# A new HT guy!



## krupe (Sep 26, 2013)

Hello, I have a 13x12 room that I'm looking to make my new home theater, we're having our basement finished by a contractor and are trying to decide if we should have the speaker wire recessed behind the drywall. We're unsure of what system to go with, though hoping to complete the room under 5,000 for the system (speakers, projector, receiver..). Please post any set ups you would go with


----------



## nova (Apr 30, 2006)

First off welcome to the Shack.

Personally I would have the wiring all run behind the drywall for a nice clean set-up. I'd also have it run through conduit in case I ever wanted to upgrade an HDMI or other cable.

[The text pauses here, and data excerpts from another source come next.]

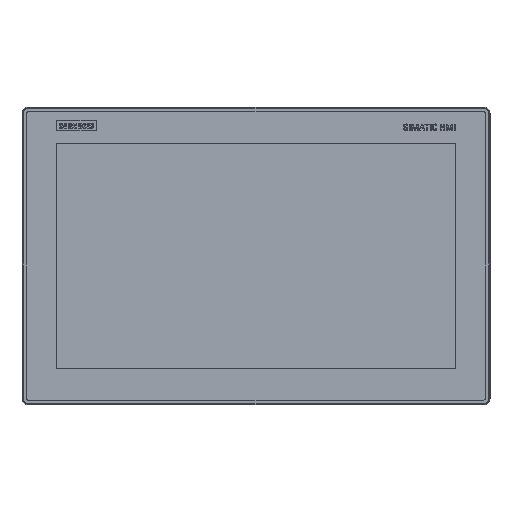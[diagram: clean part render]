
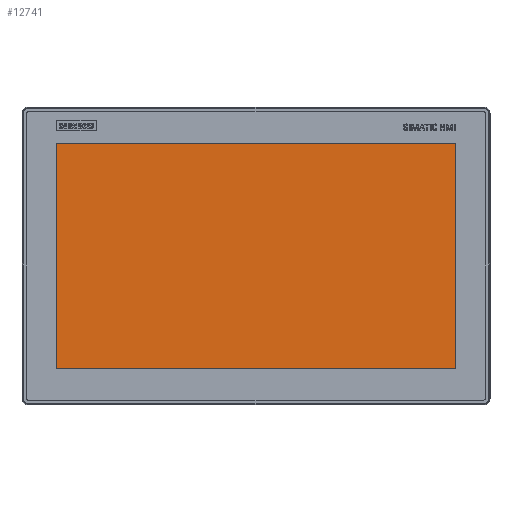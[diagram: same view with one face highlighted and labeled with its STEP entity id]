
A CAD part, top view. The second image highlights one B-rep face of the part: STEP entity #12741.
In plain terms, the highlighted planar face has unit normal (0, 0, 1).
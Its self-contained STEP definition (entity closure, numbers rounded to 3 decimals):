
#12741=ADVANCED_FACE('',(#15220),#13980,.F.);
#13980=PLANE('',#37674);
#15220=FACE_OUTER_BOUND('',#16642,.T.);
#16642=EDGE_LOOP('',(#21002,#21003,#21004,#21005));
#21002=ORIENTED_EDGE('',*,*,#29322,.T.);
#21003=ORIENTED_EDGE('',*,*,#29323,.T.);
#21004=ORIENTED_EDGE('',*,*,#29324,.T.);
#21005=ORIENTED_EDGE('',*,*,#29325,.T.);
#26325=VERTEX_POINT('',#51463);
#26326=VERTEX_POINT('',#51464);
#26327=VERTEX_POINT('',#51466);
#26328=VERTEX_POINT('',#51468);
#29322=EDGE_CURVE('',#26325,#26326,#32499,.T.);
#29323=EDGE_CURVE('',#26326,#26327,#32500,.T.);
#29324=EDGE_CURVE('',#26327,#26328,#32501,.T.);
#29325=EDGE_CURVE('',#26328,#26325,#32502,.T.);
#32499=LINE('',#51462,#35482);
#32500=LINE('',#51465,#35483);
#32501=LINE('',#51467,#35484);
#32502=LINE('',#51469,#35485);
#35482=VECTOR('',#41611,1.);
#35483=VECTOR('',#41612,1.);
#35484=VECTOR('',#41613,1.);
#35485=VECTOR('',#41614,1.);
#37674=AXIS2_PLACEMENT_3D('',#51470,#41615,#41616);
#41611=DIRECTION('',(0.,-1.,0.));
#41612=DIRECTION('',(1.,0.,0.));
#41613=DIRECTION('',(0.,1.,0.));
#41614=DIRECTION('',(-1.,0.,0.));
#41615=DIRECTION('',(0.,0.,-1.));
#41616=DIRECTION('',(-1.,0.,0.));
#51462=CARTESIAN_POINT('',(-218.157,-138.348,3.65));
#51463=CARTESIAN_POINT('',(-218.157,57.152,3.65));
#51464=CARTESIAN_POINT('',(-218.157,-138.348,3.65));
#51465=CARTESIAN_POINT('',(128.043,-138.348,3.65));
#51466=CARTESIAN_POINT('',(128.043,-138.348,3.65));
#51467=CARTESIAN_POINT('',(128.043,57.152,3.65));
#51468=CARTESIAN_POINT('',(128.043,57.152,3.65));
#51469=CARTESIAN_POINT('',(-218.157,57.152,3.65));
#51470=CARTESIAN_POINT('',(0.,0.,3.65));
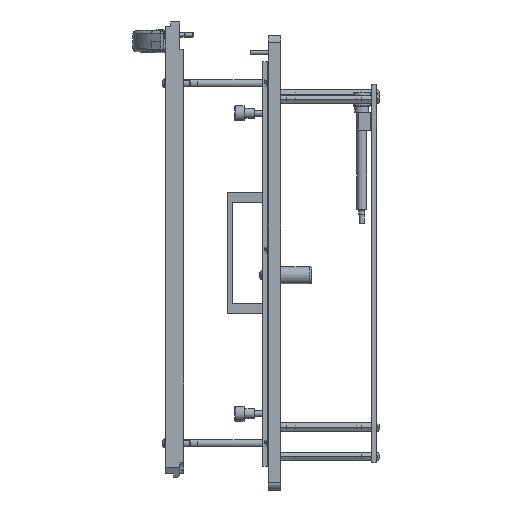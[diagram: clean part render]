
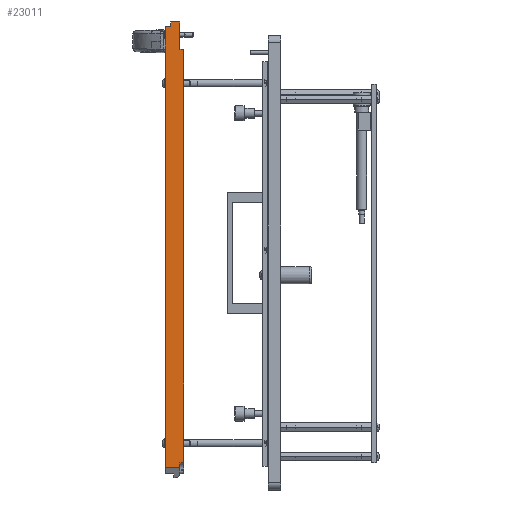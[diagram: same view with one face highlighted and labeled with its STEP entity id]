
A CAD part, left-side view. The second image highlights one B-rep face of the part: STEP entity #23011.
In plain terms, the highlighted face is planar.
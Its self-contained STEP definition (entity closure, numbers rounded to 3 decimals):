
#99 = FACE_OUTER_BOUND ( 'NONE', #28910, .T. ) ;
#525 = VERTEX_POINT ( 'NONE', #28739 ) ;
#613 = VERTEX_POINT ( 'NONE', #5658 ) ;
#995 = VERTEX_POINT ( 'NONE', #41261 ) ;
#1135 = ORIENTED_EDGE ( 'NONE', *, *, #39215, .T. ) ;
#1932 = LINE ( 'NONE', #18492, #9855 ) ;
#3260 = CARTESIAN_POINT ( 'NONE',  ( 253., -4.3, -161.55 ) ) ;
#3997 = ORIENTED_EDGE ( 'NONE', *, *, #15146, .F. ) ;
#4855 = VECTOR ( 'NONE', #5253, 1000. ) ;
#5017 = EDGE_CURVE ( 'NONE', #19686, #525, #35463, .T. ) ;
#5234 = EDGE_CURVE ( 'NONE', #995, #613, #1932, .T. ) ;
#5253 = DIRECTION ( 'NONE',  ( 0., -1., 0. ) ) ;
#5355 = VECTOR ( 'NONE', #8839, 1000. ) ;
#5367 = DIRECTION ( 'NONE',  ( 0., 0., -1. ) ) ;
#5658 = CARTESIAN_POINT ( 'NONE',  ( 253., 7.5, 175.55 ) ) ;
#5670 = CARTESIAN_POINT ( 'NONE',  ( 253., -7.5, 101.55 ) ) ;
#5899 = EDGE_CURVE ( 'NONE', #995, #30880, #21726, .T. ) ;
#5920 = AXIS2_PLACEMENT_3D ( 'NONE', #24293, #34524, #44030 ) ;
#6717 = VERTEX_POINT ( 'NONE', #3260 ) ;
#7000 = VECTOR ( 'NONE', #5367, 1000. ) ;
#7281 = LINE ( 'NONE', #14286, #28290 ) ;
#8136 = DIRECTION ( 'NONE',  ( 0., -1., 0. ) ) ;
#8225 = ORIENTED_EDGE ( 'NONE', *, *, #29847, .T. ) ;
#8839 = DIRECTION ( 'NONE',  ( 0., 0., 1. ) ) ;
#9107 = LINE ( 'NONE', #19305, #21881 ) ;
#9502 = DIRECTION ( 'NONE',  ( 0., -1., 0. ) ) ;
#9731 = LINE ( 'NONE', #30516, #21333 ) ;
#9855 = VECTOR ( 'NONE', #33156, 1000. ) ;
#10533 = ORIENTED_EDGE ( 'NONE', *, *, #38821, .F. ) ;
#10761 = ORIENTED_EDGE ( 'NONE', *, *, #5017, .T. ) ;
#10952 = ORIENTED_EDGE ( 'NONE', *, *, #26110, .F. ) ;
#12257 = DIRECTION ( 'NONE',  ( 0., 0., 1. ) ) ;
#12373 = ORIENTED_EDGE ( 'NONE', *, *, #31103, .T. ) ;
#12964 = VERTEX_POINT ( 'NONE', #26521 ) ;
#14286 = CARTESIAN_POINT ( 'NONE',  ( 253., -4.3, 171.55 ) ) ;
#15146 = EDGE_CURVE ( 'NONE', #38921, #6717, #25834, .T. ) ;
#15684 = VECTOR ( 'NONE', #31457, 1000. ) ;
#15952 = ORIENTED_EDGE ( 'NONE', *, *, #21318, .F. ) ;
#15967 = ORIENTED_EDGE ( 'NONE', *, *, #5234, .T. ) ;
#18492 = CARTESIAN_POINT ( 'NONE',  ( 253., 7.5, 183.55 ) ) ;
#19305 = CARTESIAN_POINT ( 'NONE',  ( 253., -7.4, 101.55 ) ) ;
#19325 = CARTESIAN_POINT ( 'NONE',  ( 253., -4.3, -183.55 ) ) ;
#19686 = VERTEX_POINT ( 'NONE', #5670 ) ;
#21318 = EDGE_CURVE ( 'NONE', #6717, #525, #39129, .T. ) ;
#21333 = VECTOR ( 'NONE', #9502, 1000. ) ;
#21726 = LINE ( 'NONE', #35104, #15684 ) ;
#21881 = VECTOR ( 'NONE', #25592, 1000. ) ;
#22762 = LINE ( 'NONE', #36375, #7000 ) ;
#23011 = ADVANCED_FACE ( 'NONE', ( #99 ), #37462, .F. ) ;
#23052 = VECTOR ( 'NONE', #38273, 1000. ) ;
#24293 = CARTESIAN_POINT ( 'NONE',  ( 253., 7.5, 183.55 ) ) ;
#24423 = CARTESIAN_POINT ( 'NONE',  ( 253., -7.5, -183.55 ) ) ;
#25320 = LINE ( 'NONE', #36021, #5355 ) ;
#25592 = DIRECTION ( 'NONE',  ( 0., 0., 1. ) ) ;
#25819 = ORIENTED_EDGE ( 'NONE', *, *, #30401, .F. ) ;
#25834 = LINE ( 'NONE', #19325, #44481 ) ;
#26110 = EDGE_CURVE ( 'NONE', #36912, #12964, #25320, .T. ) ;
#26254 = CARTESIAN_POINT ( 'NONE',  ( 253., -4.3, -183.55 ) ) ;
#26288 = EDGE_CURVE ( 'NONE', #613, #12964, #9731, .T. ) ;
#26521 = CARTESIAN_POINT ( 'NONE',  ( 253., -4.3, 175.55 ) ) ;
#27665 = ORIENTED_EDGE ( 'NONE', *, *, #5899, .F. ) ;
#27738 = DIRECTION ( 'NONE',  ( 0., 0., -1. ) ) ;
#28269 = LINE ( 'NONE', #24423, #23052 ) ;
#28290 = VECTOR ( 'NONE', #31710, 1000. ) ;
#28739 = CARTESIAN_POINT ( 'NONE',  ( 253., -7.5, -161.55 ) ) ;
#28910 = EDGE_LOOP ( 'NONE', ( #10533, #12373, #10761, #15952, #3997, #1135, #25819, #27665, #15967, #40431, #10952, #8225 ) ) ;
#29222 = CARTESIAN_POINT ( 'NONE',  ( 253., -7.4, 171.55 ) ) ;
#29663 = LINE ( 'NONE', #33082, #4855 ) ;
#29847 = EDGE_CURVE ( 'NONE', #36912, #41348, #7281, .T. ) ;
#30401 = EDGE_CURVE ( 'NONE', #30880, #32082, #22762, .T. ) ;
#30516 = CARTESIAN_POINT ( 'NONE',  ( 253., 7.5, 175.55 ) ) ;
#30880 = VERTEX_POINT ( 'NONE', #41714 ) ;
#31103 = EDGE_CURVE ( 'NONE', #33414, #19686, #29663, .T. ) ;
#31131 = CARTESIAN_POINT ( 'NONE',  ( 253., -7.5, 183.55 ) ) ;
#31457 = DIRECTION ( 'NONE',  ( 0., -1., 0. ) ) ;
#31664 = CARTESIAN_POINT ( 'NONE',  ( 253., -7.5, -161.55 ) ) ;
#31710 = DIRECTION ( 'NONE',  ( 0., -1., 0. ) ) ;
#32082 = VERTEX_POINT ( 'NONE', #43341 ) ;
#33082 = CARTESIAN_POINT ( 'NONE',  ( 253., -7.4, 101.55 ) ) ;
#33156 = DIRECTION ( 'NONE',  ( 0., 0., 1. ) ) ;
#33414 = VERTEX_POINT ( 'NONE', #36172 ) ;
#34524 = DIRECTION ( 'NONE',  ( -1., 0., 0. ) ) ;
#35104 = CARTESIAN_POINT ( 'NONE',  ( 253., 7.5, -179.55 ) ) ;
#35463 = LINE ( 'NONE', #31131, #39466 ) ;
#36021 = CARTESIAN_POINT ( 'NONE',  ( 253., -4.3, 183.55 ) ) ;
#36172 = CARTESIAN_POINT ( 'NONE',  ( 253., -7.4, 101.55 ) ) ;
#36375 = CARTESIAN_POINT ( 'NONE',  ( 253., 3.2, -183.55 ) ) ;
#36912 = VERTEX_POINT ( 'NONE', #44122 ) ;
#37462 = PLANE ( 'NONE',  #5920 ) ;
#38273 = DIRECTION ( 'NONE',  ( 0., 1., 0. ) ) ;
#38821 = EDGE_CURVE ( 'NONE', #33414, #41348, #9107, .T. ) ;
#38921 = VERTEX_POINT ( 'NONE', #26254 ) ;
#39129 = LINE ( 'NONE', #31664, #39494 ) ;
#39215 = EDGE_CURVE ( 'NONE', #38921, #32082, #28269, .T. ) ;
#39466 = VECTOR ( 'NONE', #27738, 1000. ) ;
#39494 = VECTOR ( 'NONE', #8136, 1000. ) ;
#40431 = ORIENTED_EDGE ( 'NONE', *, *, #26288, .T. ) ;
#41261 = CARTESIAN_POINT ( 'NONE',  ( 253., 7.5, -179.55 ) ) ;
#41348 = VERTEX_POINT ( 'NONE', #29222 ) ;
#41714 = CARTESIAN_POINT ( 'NONE',  ( 253., 3.2, -179.55 ) ) ;
#43341 = CARTESIAN_POINT ( 'NONE',  ( 253., 3.2, -183.55 ) ) ;
#44030 = DIRECTION ( 'NONE',  ( 0., 0., 1. ) ) ;
#44122 = CARTESIAN_POINT ( 'NONE',  ( 253., -4.3, 171.55 ) ) ;
#44481 = VECTOR ( 'NONE', #12257, 1000. ) ;

Are you planning on floor standing, bookshelf, on-wall or in-wall?

Can you give us an idea of what you like or systems you've had in the past? There are a lot of great system out there and having an idea of your preferences will help us make some recommendations.


----------



## hjones4841 (Jan 21, 2009)

Welcome to Home Theater Shack! Please visit us often.

I agree that running the wiring in the wall makes a neater installation. But, you need to plan ahead for additional channels. At least wire for 7.1 - 3 across the front, 2 on the side walls, 2 in the back plus the subwoofer. There are other variations that take the channel count up to 11.1. Those extra channels, at least for now, are wired up front. So additional cabling from the front to the equipment area may be worthwhile.


----------



## krupe (Sep 26, 2013)

Thanks for all the posts so far, im thinking of doing bookshelf speakers does anyone have any system suggestions(links) thanks


----------



## zieglj01 (Jun 20, 2011)

krupe said:


> Thanks for all the posts so far, im thinking of doing bookshelf speakers does anyone have any system suggestions(links) thanks


Look at HSU
http://www.hsuresearch.com/products/hybrid2pkg.html

Look at Focal - except for their subs, look at places like SVS and HSU for subs
http://www.musicdirect.com/search.aspx?searchterm=focal chorus

http://www.svsound.com/subwoofers

http://www.hsuresearch.com/subwoofers.html


----------



## dougc (Dec 19, 2009)

Welcome to The Shack! Are you wanting commercial bookshelf speakers or DIY?


----------